Já se compararam as mangás de Kiriko Nananan com breves storyboards, não só devido à sua característica gráfica de representar personagens nas vinhetas sem mais informação visual, como também pelos seus diálogos esparsos, vulgares, contemporâneos, realistas (de que as traduções francesa e inglesa parecem dar boa figura).
Blue é uma série de 10 capítulos que contam a história de um amor adolescente entre duas adolescentes. Não se trata de memórias, mas de algo que nos é contado num ligeiro desfasamento em relação ao presente da acção. Essa leveza é da maior importância. Se bem que o amor é entre duas raparigas, nada sabemos do que se terá passado depois, e também não se explora uma qualquer dimensão sociológica. Importa apenas que essa atracção existiu, foi sentida de modo diferente pelas duas raparigas, Kayako e Masami, e que foi sempre acompanhado por um teor elegíaco, mesmo quando respirava.
É essa leveza que é transmitida por toda a estratégia gráfica. A indistinção entre as personagens, sobretudo as protagonistas, parece ser propositado, claro, e não uma mera falta de construção, ou um certo estilo à mangá a que nos pudéssemos ter (mal-)habituado. Por outro lado, se existe a ideia feita de que o amor opera sobre pessoas que possuem já características em comum e que, no seu exercício e influência, essas mesmas pessoas se vão tornando cada vez mais parecidas uma com a outra, aqui essa ideia é elevada à operatividade gráfica máxima, quase como uma hipérbole.

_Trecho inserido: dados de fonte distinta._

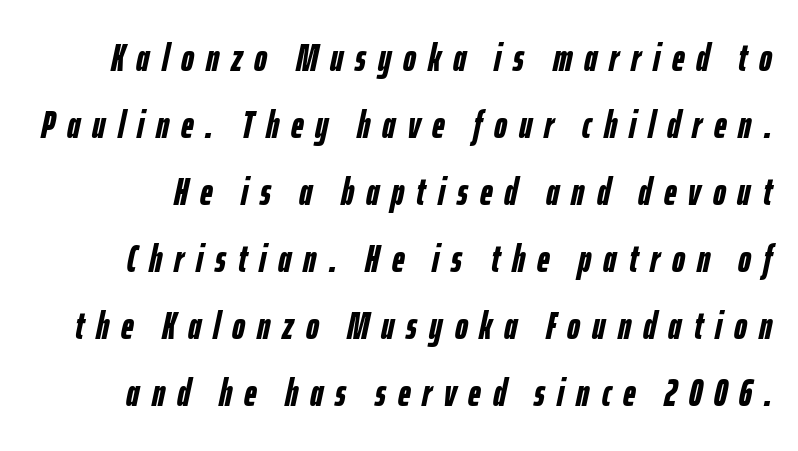
Q: Is the text bold? A: Yes.
Q: Is the text italic (slanted)? A: Yes, it leans right by about 12 degrees.
Q: Is the text underlined? A: No.
Q: Is the spacing between letters normal or unusually wide? A: Unusually wide.
Q: Width (condensed, normal, or wide)? A: Condensed.
Q: Stroke contrast? A: Low.
Q: x-height? A: Medium.
Q: Monospaced? A: No.

Bastará folhear outras histórias de Nananan (uma publicada em Sake Jock, pela Fantagraphics, e duas pela Viz em Secret Comics Japan) para notar que essa estratégia de simplificar os desenhos das pessoas não se repete sempre (outras particularidades a esquematização das personagens, a ausência de detalhes cenográficos, os brancos, um texto flutuante e narração extradiegética ou monólogos interiores sim). Os desenhos de Kiriko Nananan parecem ter ganho um maior controlo dos contornos e dessa estilização gráfica quase industrial, em relação a trabalhos anteriores, como Heartless Bitch (na SCJ). Já antes falei desse possível estilo industrializado, ainda que com um ímpeto mais fraco e frutos menos conseguidos, em relação ao Fujisan de Akira Sasô.
Os usos dos grandes espaços ou vinhetas em branco, a ausência de detalhes radicais, por vezes, apenas com as personagens vogando na vinheta também não são do mesmo teor que, por exemplo, os já citados exemplos de Frederik Peeters ou o ambiente etéreo de Fazenda/Nora nas histórias de Cotrim. Se por um lado, podem instigar-nos a um centrar das atenções às personagens implicadas, como que esbatendo as circunstâncias em que se movem, elevando tudo o que é visível a um simbolismo generalizado, por outro poderá decorrer de um honesto interesse pelo essencialmente humano: as emoções, as ligações momentâneas que todos fazemos no dia-a-dia, mas de forma entregue, nunca falsa.
Não é acreditar que o amor dure para sempre, mas simplesmente amar para sempre enquanto o amor durar, para lembrar Vinicius de Moraes. O contraste mais marcante permitido põe esse estilo é precisamente a utilização de personagens e décors tão planos e reduzidos a um mínimo de expressividade gráfica para explorar pequenos tormentos emocionais que se desenrolam no interior, sem porém entrar em grandes lances dramáticos.
Não se trata nem de uma novela erótica, nem de uma soap opera. Sinais simples, como a minúscula lágrima nos olhos de Kirishima na pg. 49, bastarão para nos convencer de qual o tema retratado.
A um primeiro olhar, poder-nos-ão surgir essas criaturas femininas tão impávidas e superiores à emoção humana como as que Furuya Usumaru havia explorado ironicamente em Short Cuts (Viz): as kogal. Ou mesmo como qualquer dessas personagens de bd ou merchandising derivado de Hello Kitty e simplesmente com o intuito de um certo fetichismo das raparigas japonesas. Se bem que todas as personagens pareçam belas demais para serem realistas, Nananan brinca com essa aproximação, como já havia feito noutros trabalhos.
Porém, sendo esta uma obra de maior fôlego, torna-se a sua exploração das emoções femininas bem mais narrativa do que impressionista. Quer dizer, parece precisamente essa direcção de criaturas distantes e frias que o estilo gráfico de Kiriko Nananan parece apontar, para depois nos desviar dele radicalmente pela exploração contínua dos enganos amorosos das duas raparigas.
Tendo começado na (como não?) Garo, faria parte do currículo da autora explorar um domínio relativamente recente na mangá, que não se coaduna com explorações chãs das relações humanas, mas parece vertido à representação de verdadeiras e acabadas personalidades.